Eww, gross!" thought many Americans as they read about the United Kingdom's
mad-cow epidemic-all the while contentedly chewing their own hamburgers. The gruesome,
incurable disease, which causes dementia and motor-skill loss, has led to 79 human deaths
and the preemptive slaughter of hundreds of thousands of cattle. Now a similar condition
is making an appearance among game animals in the Rocky Mountain West. Dubbed
"mad-deer disease," it may already be responsible for the deaths of three people
who are believed to have eaten infected venison.
Both mad-cow and mad-deer disease are transmissible spongiform encephalopathies, in
which brain proteins called prions deform, forcing other brain cells to degenerate along
with them. Cows get a version called bovine spongiform encephalopathy; sheep get a similar
disease called scrapie; and humans contract, very rarely and by an unknown natural
process, Creutzfeldt-Jakob disease.
Those thought to have been infected through the
consumption of tainted beef have what is called "new-variant CJD." The course of
the disease is similar in all species, starting with a little wobbliness or memory loss,
then progressing to full dementia and death, usually in the space of a few months.

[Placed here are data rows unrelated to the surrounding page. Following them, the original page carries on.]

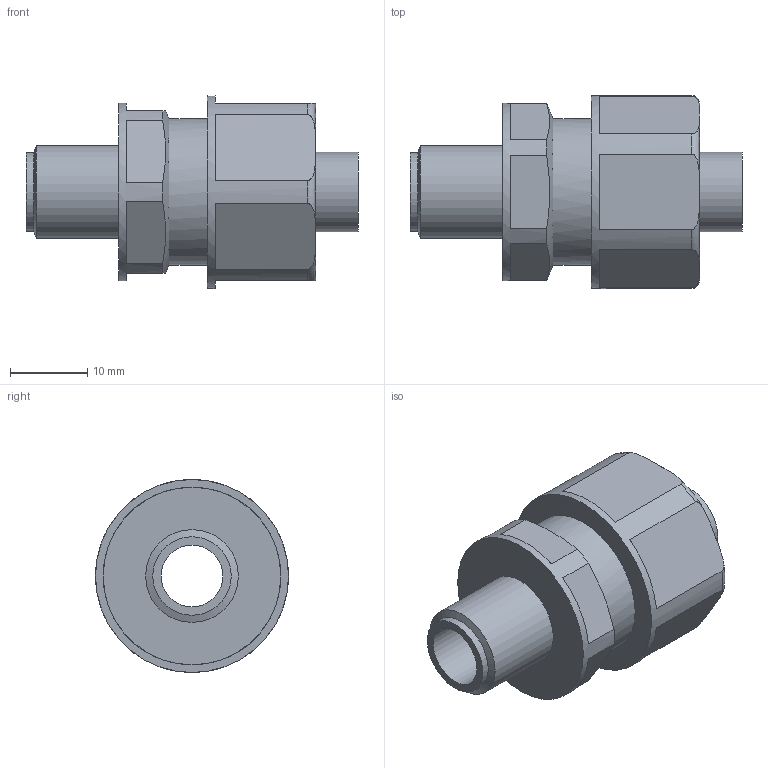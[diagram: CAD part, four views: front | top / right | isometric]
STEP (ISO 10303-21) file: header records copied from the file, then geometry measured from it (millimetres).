
FILE_DESCRIPTION( ( 'STEP AP203' ), '1' );
FILE_NAME( 'FLEXA USK-M 5020.330.0121.stp', '2020-03-27T09:40:50', ( 'License CC BY-ND 4.0' ), ( 'CADENAS' ), ' ', 'PARTsolutions', ' ' );
FILE_SCHEMA( ( 'CONFIG_CONTROL_DESIGN' ) );
Length unit declared in the file: millimetre
Products named in the file (1): _FLEXA USK-M 5020.330.0121
Bounding box: 43 x 25 x 25 mm (x, y, z)
Volume: 9778.6 mm3; surface area: 4705.5 mm2
Topology: 1 solids, 1 shells, 46 faces, 111 edges, 71 vertices
Faces by surface type: plane 30, cylinder 8, torus 6, cone 2
Full cylindrical faces by diameter (mm): 8 x1, 10.16 x1, 10.3 x1, 12 x1, 14 x1, 19 x1, 23 x1, 25 x1
Entity records: 1512 total; most frequent: CARTESIAN_POINT 443, DIRECTION 218, ORIENTED_EDGE 196, EDGE_CURVE 98, AXIS2_PLACEMENT_3D 91, VERTEX_POINT 68, EDGE_LOOP 62, FACE_OUTER_BOUND 54

Mad-deer disease, more formally known as chronic wasting disease (CWD), is found mostly
in northeast and central Colorado and southeastern Wyoming, where it infects about 5
percent of mule deer on game farms and 1 percent of free-ranging deer. Infected animals
have also been found on game farms in Nebraska, Montana, South Dakota, and Oklahoma. Game
farms sell meat and the velvet from antlers (marketed as a health supplement or
aphrodisiac), or sometimes ship live animals to other states to bulk up their supply of
huntable wildlife. Thus one farm with infected animals could potentially spread the
disease far and wide.
In Larimer County, Colorado, the seeming epicenter of the outbreak,
some reports put the infection rate of wild deer as high as 15 percent. By way of
comparison, says John Stauber, coauthor of Mad Cow U.S.A., "At the height of mad-cow
disease in Britain, only one to two percent of cows on any given farm were showing
symptoms of the disease." Given the lack of a vaccine and the growing interstate
commerce in farmed deer and elk, he says, "the eventual spread of chronic wasting
disease across North America seems inevitable."

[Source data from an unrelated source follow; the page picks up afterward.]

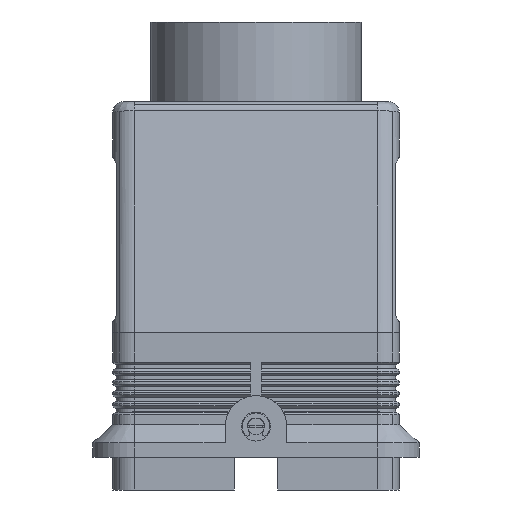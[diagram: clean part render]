
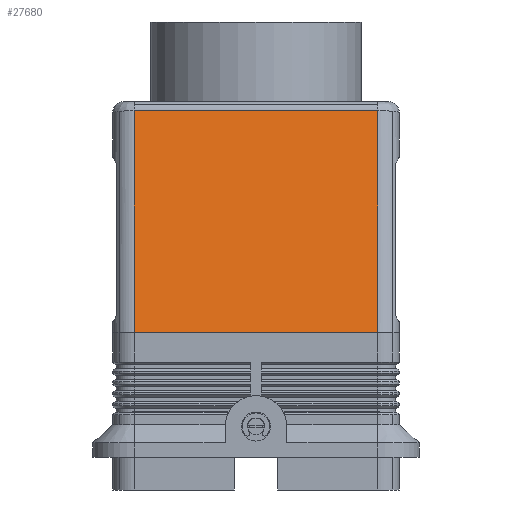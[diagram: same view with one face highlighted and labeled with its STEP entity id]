
A CAD part, left-side view. The second image highlights one B-rep face of the part: STEP entity #27680.
In plain terms, the highlighted planar face has unit normal (-0.984, 0, 0.18).
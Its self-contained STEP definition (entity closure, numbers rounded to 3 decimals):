
#3280=CARTESIAN_POINT('',(-49.315,33.5,115.54));
#3290=DIRECTION('',(0.,-1.,0.));
#3300=VECTOR('',#3290,67.);
#3310=LINE('',#3280,#3300);
#3320=CARTESIAN_POINT('',(-49.315,33.5,115.54));
#3330=VERTEX_POINT('',#3320);
#3340=CARTESIAN_POINT('',(-49.315,-33.5,115.54));
#3350=VERTEX_POINT('',#3340);
#3360=EDGE_CURVE('',#3330,#3350,#3310,.T.);
#24430=CARTESIAN_POINT('',(-61.767,33.5,47.536));
#24440=DIRECTION('',(0.18,0.,0.984));
#24450=VECTOR('',#24440,69.135);
#24460=LINE('',#24430,#24450);
#24470=CARTESIAN_POINT('',(-60.5,33.5,54.455));
#24480=VERTEX_POINT('',#24470);
#24490=EDGE_CURVE('',#24480,#3330,#24460,.T.);
#27450=CARTESIAN_POINT('',(-48.865,0.,118.));
#27460=DIRECTION('',(-0.984,0.,0.18));
#27470=DIRECTION('',(0.18,0.,0.984));
#27480=AXIS2_PLACEMENT_3D('',#27450,#27460,#27470);
#27490=PLANE('',#27480);
#27500=CARTESIAN_POINT('',(-49.315,-33.5,115.54));
#27510=DIRECTION('',(-0.18,0.,-0.984));
#27520=VECTOR('',#27510,69.135);
#27530=LINE('',#27500,#27520);
#27540=CARTESIAN_POINT('',(-60.5,-33.5,54.455));
#27550=VERTEX_POINT('',#27540);
#27560=EDGE_CURVE('',#3350,#27550,#27530,.T.);
#27570=ORIENTED_EDGE('',*,*,#27560,.F.);
#27580=CARTESIAN_POINT('',(-60.5,0.,54.455));
#27590=DIRECTION('',(0.,-1.,0.));
#27600=VECTOR('',#27590,1.);
#27610=LINE('',#27580,#27600);
#27620=EDGE_CURVE('',#24480,#27550,#27610,.T.);
#27630=ORIENTED_EDGE('',*,*,#27620,.T.);
#27640=ORIENTED_EDGE('',*,*,#24490,.F.);
#27650=ORIENTED_EDGE('',*,*,#3360,.F.);
#27660=EDGE_LOOP('',(#27650,#27640,#27630,#27570));
#27670=FACE_OUTER_BOUND('',#27660,.T.);
#27680=ADVANCED_FACE('',(#27670),#27490,.T.);

Mad-deer disease is apparently passed from doe to fawn, as well as through shared
feeding facilities, salt licks, and touching noses. It is not yet clear how-and even
whether-the disease can spread to humans. Ingestion of infected meat is suspect, as is
mere contact with infected tissue, putting both hunters and venison-eaters at risk. Deer
in advanced stages of CWD are awkward and slow, making them easier to shoot and more
likely to end up on a dinner plate. Moreover, while dressing game, hunters expose
themselves to the most infectious tissues, the brain and spinal cord.

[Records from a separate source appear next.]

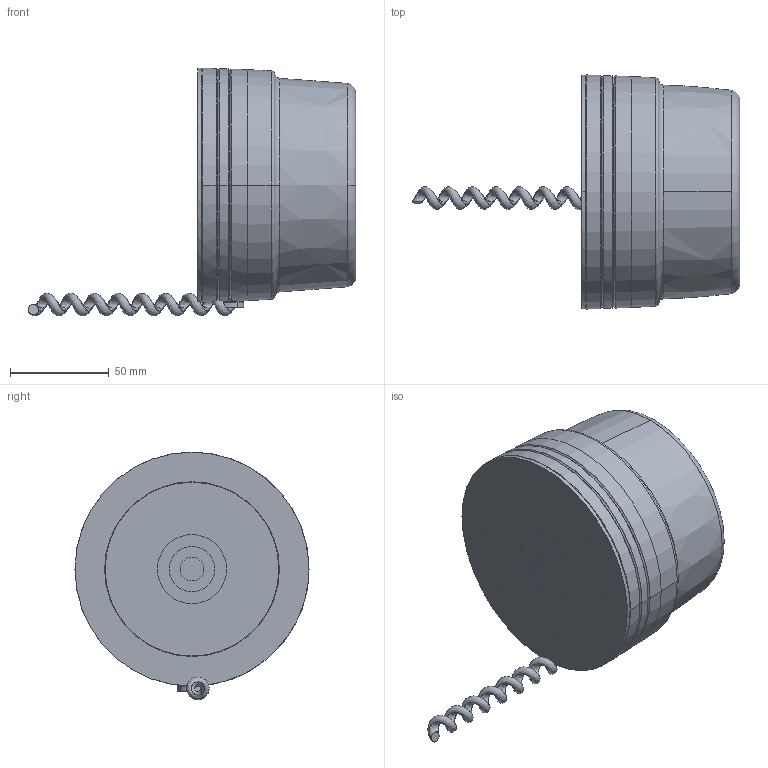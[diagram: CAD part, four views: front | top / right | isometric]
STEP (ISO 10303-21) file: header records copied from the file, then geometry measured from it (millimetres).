
FILE_DESCRIPTION (( 'STEP AP203' ), '1' );
FILE_NAME ('DK170507DD21.STEP', '2018-05-15T07:43:47', ( '' ), ( '' ), 'SwSTEP 2.0', 'SolidWorks 2017', '' );
FILE_SCHEMA (( 'CONFIG_CONTROL_DESIGN' ));
Length unit declared in the file: millimetre
Products named in the file (1): DK170507DD21
Bounding box: 166.05 x 118.59 x 125.56 mm (x, y, z)
Volume: 253387.6 mm3; surface area: 129192.5 mm2
Topology: 2 solids, 29 shells, 814 faces, 2086 edges, 1342 vertices
Faces by surface type: plane 360, bspline 155, cone 122, cylinder 113, torus 64
Entity records: 40030 total; most frequent: CARTESIAN_POINT 21521, ORIENTED_EDGE 4128, DIRECTION 3422, EDGE_CURVE 2064, VERTEX_POINT 1342, AXIS2_PLACEMENT_3D 1273, LINE 876, VECTOR 876
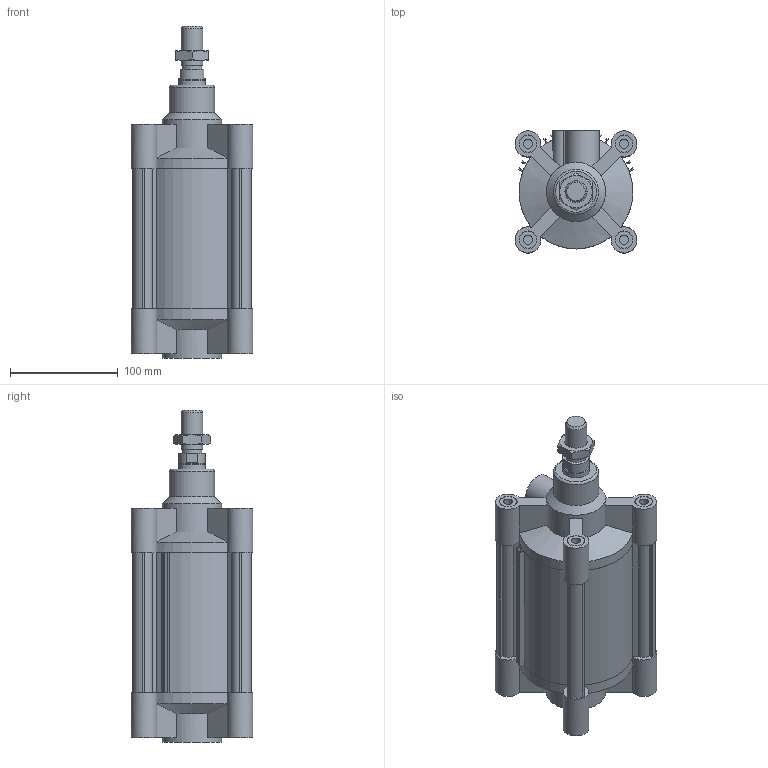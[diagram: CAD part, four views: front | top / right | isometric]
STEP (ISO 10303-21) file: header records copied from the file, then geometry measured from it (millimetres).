
FILE_DESCRIPTION((''),'2;1');
FILE_NAME('139#_100_0075_01.iam.stp','2012-01-28T07:56:08',(''),(''),'Autodesk Inventor 2012','Autodesk Inventor 2012','');
FILE_SCHEMA(('AUTOMOTIVE_DESIGN { 1 0 10303 214 1 1 1 1 }'));
Length unit declared in the file: millimetre
Products named in the file (6): 139#_100_0075_01; CPL100_004-75; CPL100-001-01; CPL100-002-01; CPL_100_0075; 1320_80_18F
Assembly tree (5 placements, depth 2):
  139#_100_0075_01
    CPL100_004-75
    CPL100-001-01
    CPL100-002-01
    CPL_100_0075
    1320_80_18F
Bounding box: 113 x 113 x 308 mm (x, y, z)
Volume: 1407172.1 mm3; surface area: 295497.5 mm2
Topology: 5 solids, 5 shells, 284 faces, 690 edges, 448 vertices
Faces by surface type: plane 150, cylinder 89, cone 44, torus 1
Full cylindrical faces by diameter (mm): 8.5 x8, 9.4 x4, 12 x2, 16 x8, 16.5 x8, 18 x1, 18.5 x1, 19 x2, 20 x1, 24.5 x1, 25 x2, 42 x1, 55 x2, 100 x4
Entity records: 8378 total; most frequent: CARTESIAN_POINT 1633, DIRECTION 1362, ORIENTED_EDGE 1266, EDGE_CURVE 633, AXIS2_PLACEMENT_3D 518, VERTEX_POINT 443, EDGE_LOOP 382, VECTOR 326

Another nexus for transmission may be the rendering process, in which animal carcasses,
including roadkill, are ground up as feed for other animals, some of which are then eaten
by people. In the United Kingdom, feeding infected cows to other cattle amplified the
disease's transmission rate. The U.S. Department of Agriculture has only partly learned
this lesson, says Stauber: While it forbids cow cannibalism, it allows the carcasses of
deer, elk, and sheep known to be infected with CWD or scrapie to be rendered and
subsequently fed to chickens, pigs, and pets. Those animals may be rendered in turn and
fed to cattle. Last year, a coalition of public-health groups petitioned the agency to
halt the practice-so far to no avail.
Dr. Byron Caughey of the National Institutes of Health has studied the transmissibility
of spongiform encephalopathies. While his findings indicate that "there is a
substantial [interspecies] barrier" and that the efficiency of transmission between
mad deer and humans seems to be low, it may be "in the same ballpark" as that
between mad cattle and humans.
Unfortunately, the states in which mad-deer infection is highest also rely heavily on
the sale of hunting licenses, making them loath to publicize the possibility that eating
venison might turn your brain into a sponge. Currently, detection of the disease requires
waiting for an animal to drop dead under suspicious conditions and then relying on hunters
or game farmers to call in a vet for a post-mortem rather than simply shipping the carcass
to the rendering plant.
"Obviously, when the animals are dying of the disease, it's
much too late to have prevented the disease from getting from one animal to another,"
says Dr. Mary Jo Schmerr, lead scientist of prion diseases at the Agricultural Research
Service. "If you could detect it before they show these clinical signs, you could
remove them from the flock or herd."
Schmerr thinks she may soon be able to do that with a simple blood test she's
developing that can be performed on living animals. In the absence of the widespread use
of such a test, you might just want to pass on that venison haunch.